MultinomialNB(alpha=1.0, class_prior=None, fit_prior=True)

In [10]:
#Make predictions
predictions = naive_bayes.predict(testing_data)

## Evaluating the model

** Accuracy ** measures how often the classifier makes the correct prediction. It’s the ratio of the number of correct predictions to the total number of predictions (the number of test data points).

** Precision ** tells us what proportion of messages we classified as spam, actually were spam.
It is a ratio of true positives(words classified as spam, and which are actually spam) to all positives(all words classified as spam, irrespective of whether that was the correct classification), in other words it is the ratio of

`[True Positives/(True Positives + False Positives)]`

** Recall(sensitivity)** tells us what proportion of messages that actually were spam were classified by us as spam.
It is a ratio of true positives(words classified as spam, and which are actually spam) to all the words that were actually spam, in other words it is the ratio of

`[True Positives/(True Positives + False Negatives)]`

For classification problems that are skewed in their classification distributions like in this case, for example if we had a 100 text messages and only 2 were spam and the rest 98 weren't, accuracy by itself is not a very good metric. We could classify 90 messages as not spam(including the 2 that were spam but we classify them as not spam, hence they would be false negatives) and 10 as spam(all 10 false positives) and still get a reasonably good accuracy score. For such cases, precision and recall come in very handy. These two metrics can be combined to get the F1 score, which is weighted average of the precision and recall scores. This score can range from 0 to 1, with 1 being the best possible F1 score.

In [11]:
from sklearn.metrics import accuracy_score, precision_score, recall_score, f1_score

print('Accuracy score: ', format(accuracy_score(y_test, predictions)))
print('Precision score: ', format(precision_score(y_test, predictions)))
print('Recall score: ', format(recall_score(y_test, predictions)))
print('F1 score: ', format(f1_score(y_test, predictions)))
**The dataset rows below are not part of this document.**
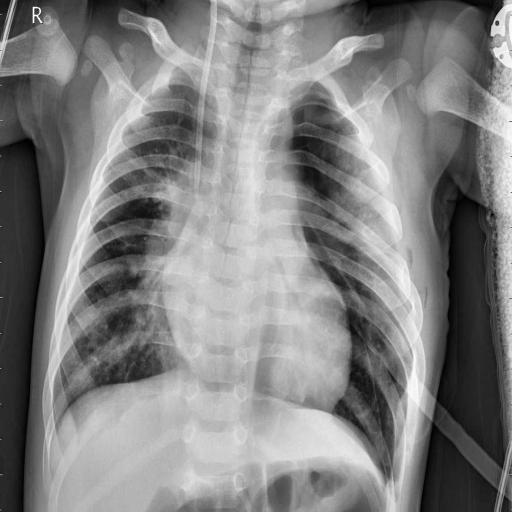
Finding: PNEUMONIA
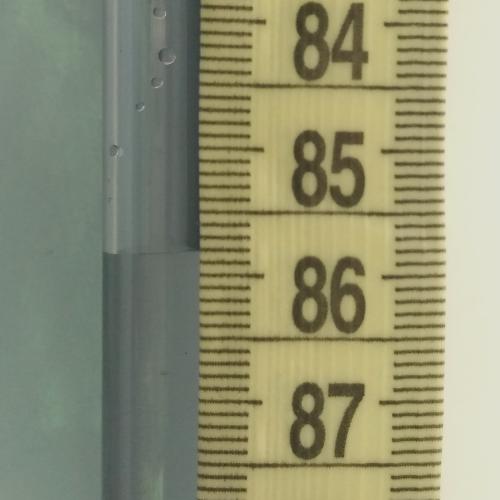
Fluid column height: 85.8 cm
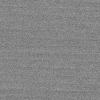
Atmospheric dust classification: dusty
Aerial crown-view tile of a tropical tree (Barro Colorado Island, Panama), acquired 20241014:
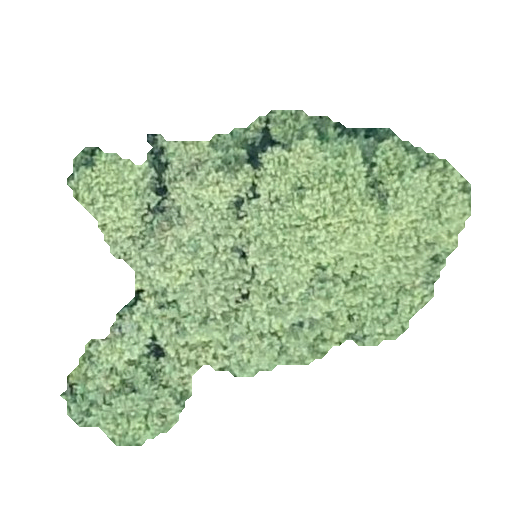
Species: Luehea seemannii
GBIF accepted scientific name: Luehea seemannii
Crown area: 130.827 m²
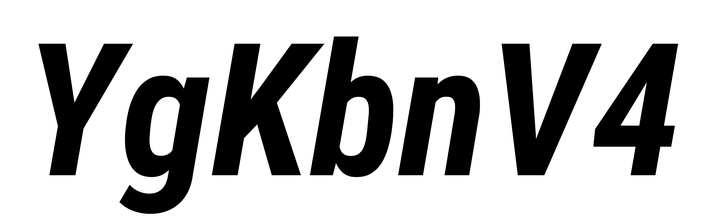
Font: Roboto-Italic_Condensed_Bold_Italic
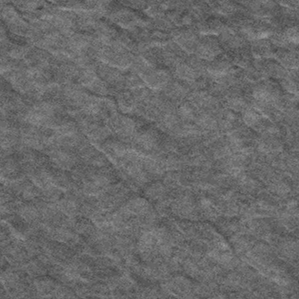
Label: frost
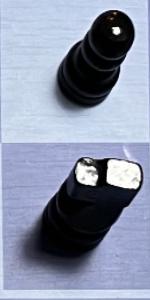
Label: Knight_Black

Accuracy score:  0.9885139985642498
Precision score:  0.9720670391061452
Recall score:  0.9405405405405406
F1 score:  0.9560439560439562


## Conclusion

One of the major advantages that Naive Bayes has over other classification algorithms is its ability to handle an extremely large number of features. In this case, each word is treated as a feature and there are thousands of different words.

Also, it performs well even with the presence of irrelevant features and is relatively unaffected by them.

The other major advantage it has is its relative simplicity. Naive Bayes' works well right out of the box and tuning it's parameters is rarely ever necessary, except usually in cases where the distribution of the data is known. 

It rarely ever overfits the data. Another important advantage is that its model training and prediction times are very fast for the amount of data it can handle.